We can clearly see that these two samples are drawn from different distributions. The problem is that our data is not normally distributed (especially sample 1) so the \(t\)-test cannot cope with these extreme violations of normality. It is also pretty clear that for data like this, our estimates of the population variance will be much larger than the difference.

An alternative would be the Wilcoxon Rank-Sum Test, where each value is given a rank and the ranks are compared.
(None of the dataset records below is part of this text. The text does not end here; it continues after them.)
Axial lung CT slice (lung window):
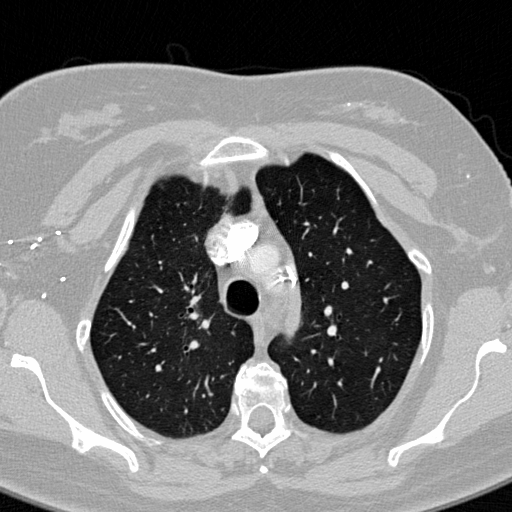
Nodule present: no
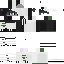
A female skeleton skin with pale skin, wearing blonde helmet dressed in a purple robe top and black pants, featuring a closed mouth.
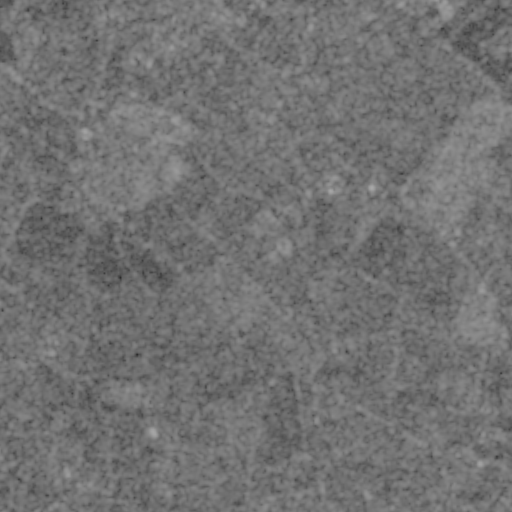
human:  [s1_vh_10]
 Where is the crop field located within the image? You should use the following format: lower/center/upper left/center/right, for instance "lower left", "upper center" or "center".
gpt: The crop field is located in the upper left of the image.
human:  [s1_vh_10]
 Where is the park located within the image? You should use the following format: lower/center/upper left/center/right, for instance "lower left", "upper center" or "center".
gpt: The park is located in the upper center of the image.
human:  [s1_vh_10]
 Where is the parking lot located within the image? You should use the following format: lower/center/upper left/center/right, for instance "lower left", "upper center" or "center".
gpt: The parking lot is located in the upper left of the image.
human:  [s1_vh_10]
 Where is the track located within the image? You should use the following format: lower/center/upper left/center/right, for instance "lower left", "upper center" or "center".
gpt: The track is located in the lower left of the image.
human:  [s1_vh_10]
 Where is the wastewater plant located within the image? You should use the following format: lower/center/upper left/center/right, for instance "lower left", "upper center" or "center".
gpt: The wastewater plant is located in the upper right of the image.
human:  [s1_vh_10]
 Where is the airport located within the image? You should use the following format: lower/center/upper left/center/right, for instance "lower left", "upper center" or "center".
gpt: There is no airport in the image.

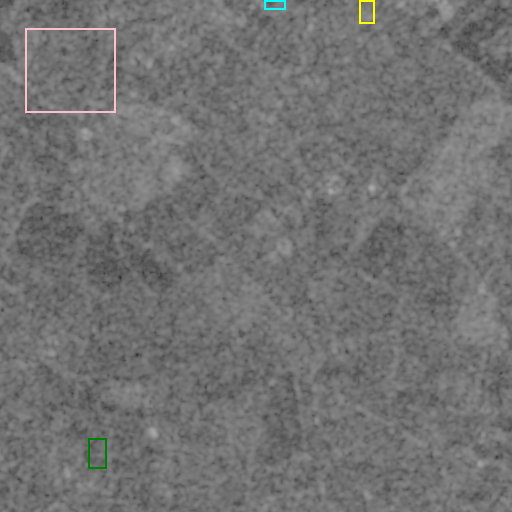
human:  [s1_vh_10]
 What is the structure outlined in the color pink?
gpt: The structure outlined in pink is a crop field.
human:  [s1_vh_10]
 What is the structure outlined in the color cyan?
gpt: The structure outlined in cyan is a park.
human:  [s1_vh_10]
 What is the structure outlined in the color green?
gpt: The structure outlined in green is a track.
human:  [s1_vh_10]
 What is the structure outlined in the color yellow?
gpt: The structure outlined in yellow is a wastewater plant.
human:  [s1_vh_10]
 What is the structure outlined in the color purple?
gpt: There is no purple outline.
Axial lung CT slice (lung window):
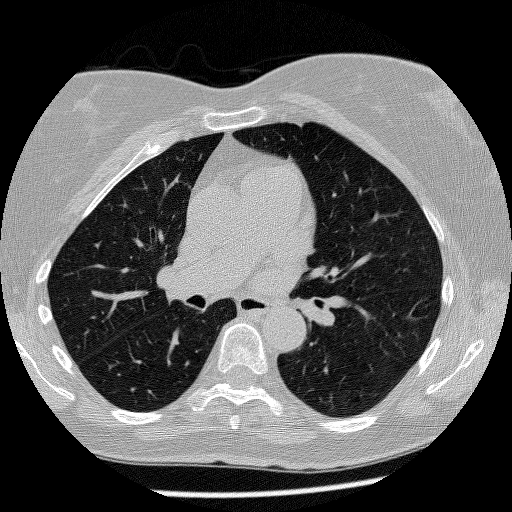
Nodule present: no
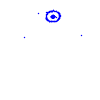
Particle: electron
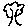
Label: tree
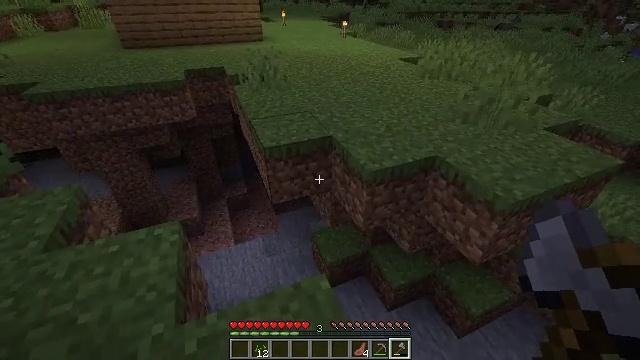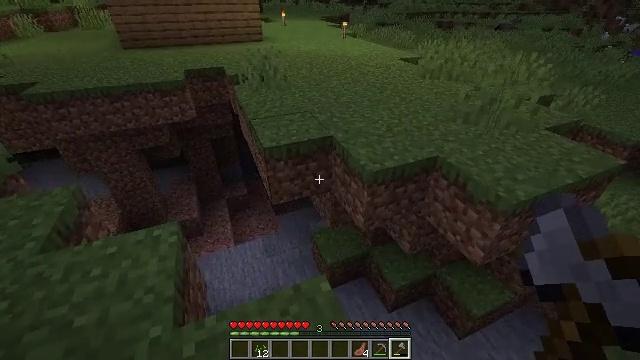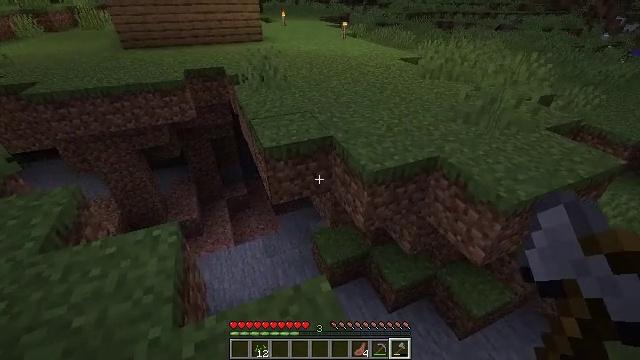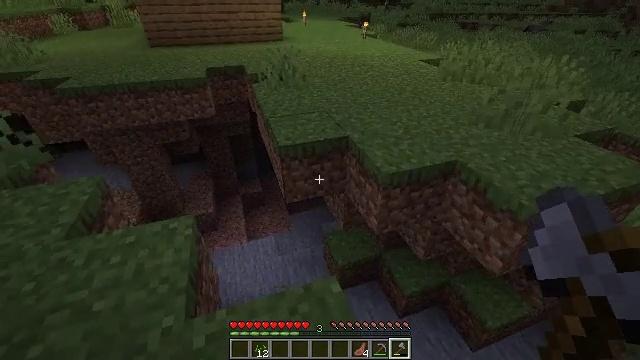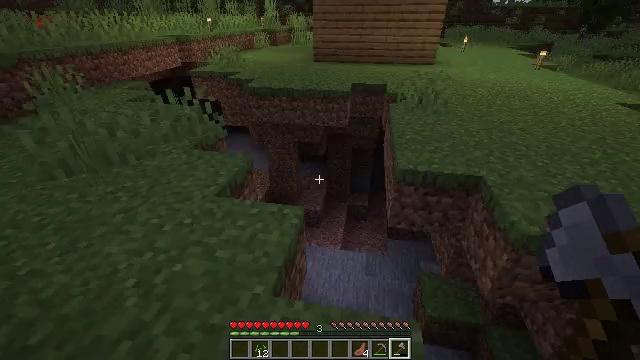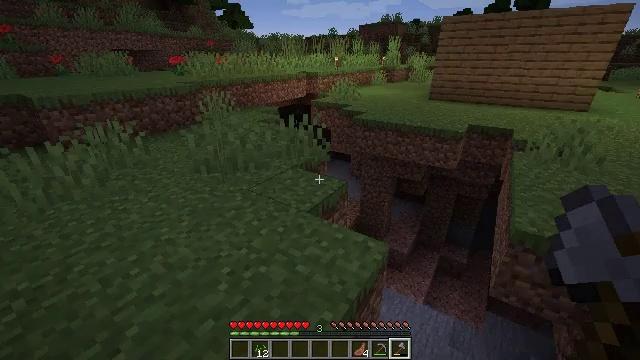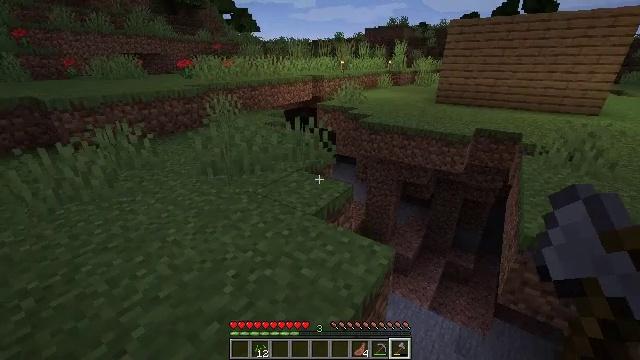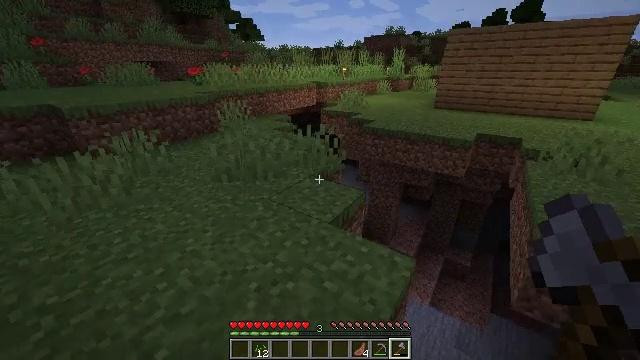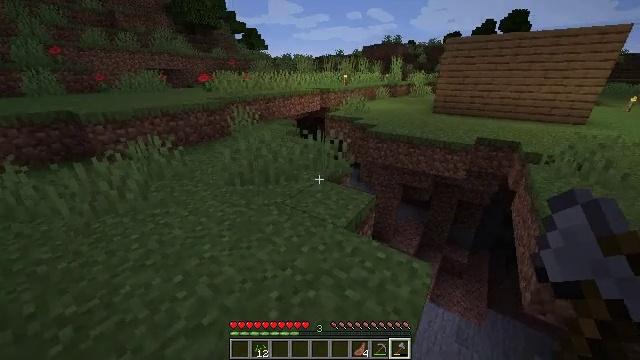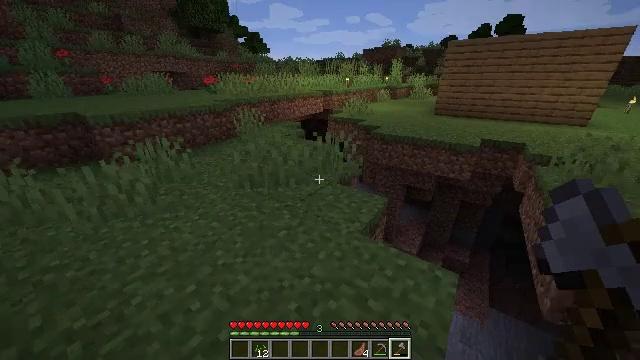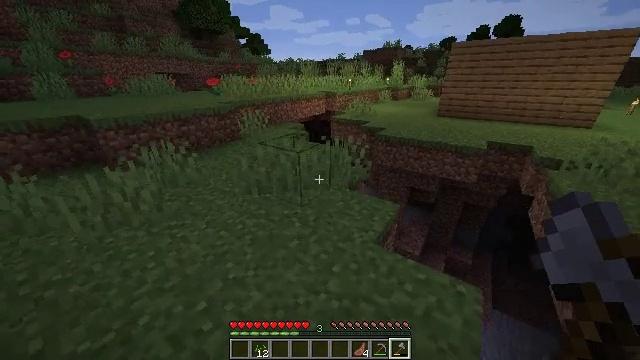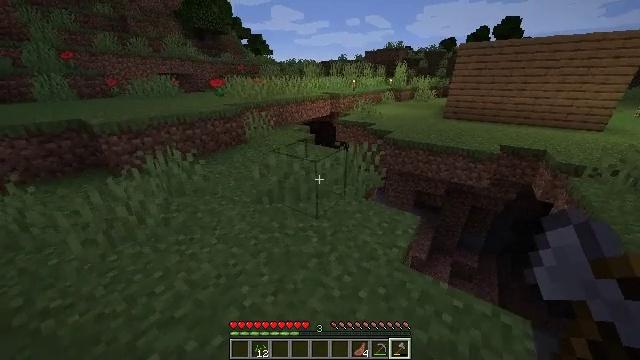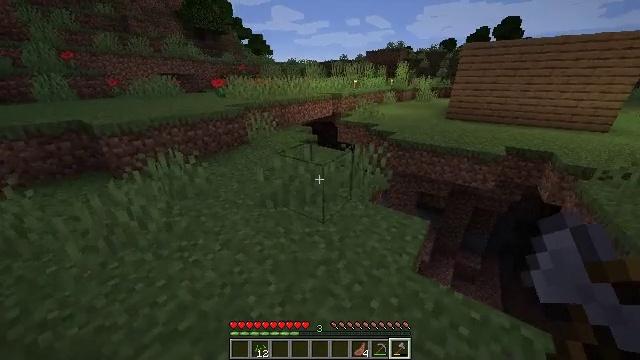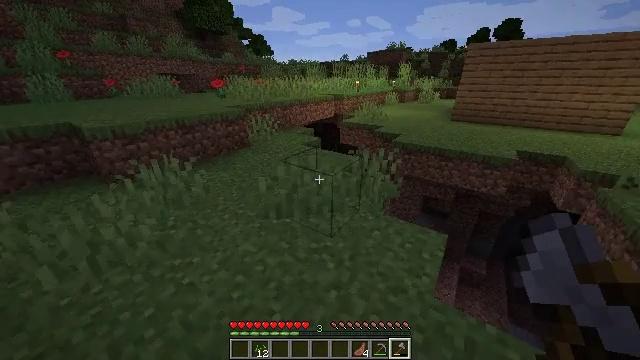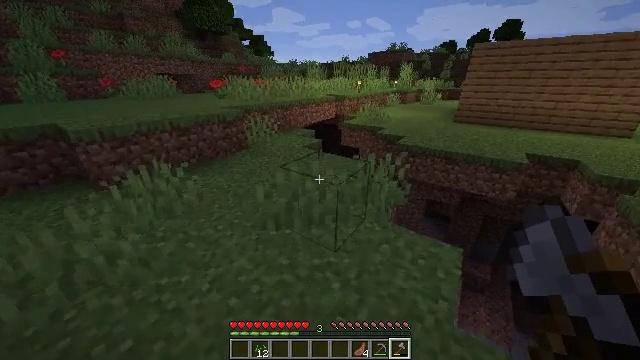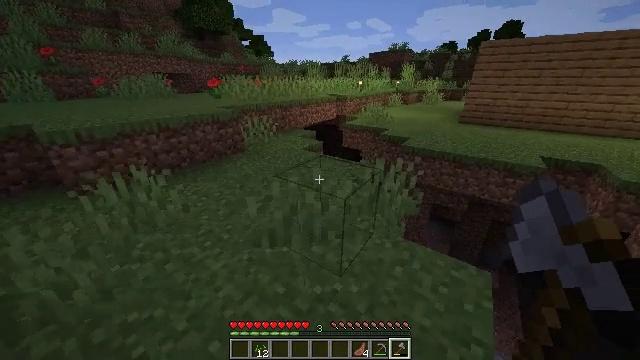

\[ H_0: \text{The two samples are drawn from the same distribution} \\ VS \\ H_A: \text{The two samples are drawn from different distributions} \]

wTest <- wilcox.test(sample1, sample2)
wTest

The ranks for each value can be seen using the following code:

 order(c(sample1, sample2), decreasing = TRUE)

Note that because we use the ranks, instead of the values, this procedure is robust to changes in the actual values which don’t affect the ranks.

2. If we change the value 1000 to 10 will it change the results of the Wilcoxon Rank Sum Test?
3. Would it change the results for a \(t\)-test?

sample1[3] <- 10
sample1
t.test(sample1, sample2)
wilcox.test(sample1, sample2)

Fisher’s Exact Test

Fisher’s Exact Test can be used for comparing counts in a \(2 \times 2\) contingency table. In the hypoxia example above these values would be:

counts <- matrix(c(10, 94, 32, 86), ncol = 2)
rownames(counts) <- c("Hypoxia", "Normoxia")
colnames(counts) <- c("Allele A", "Allele B")

	Allele A	Allele B
Hypoxia	10	32
Normoxia	94	86

Here the null hypothesis & alternative are:

\[ H_0: \text{There is no association between alleles and survival in hypoxic conditions} \\ Vs \\ H_A: \text{There is an association between alleles and survival in hypoxic conditions} \]

Q8

1. Do you think there is an association just by looking at the data?

In R we can simply conduct the test using fisher.test()

fisher.test(counts)

Alternatively, we could’ve used a \(\chi^2\) test, however we would’ve need to ensure that no cell in the table had an expected count \(<5\).

chisq.test(counts)

2. Would you reject \(H_0\) using either test?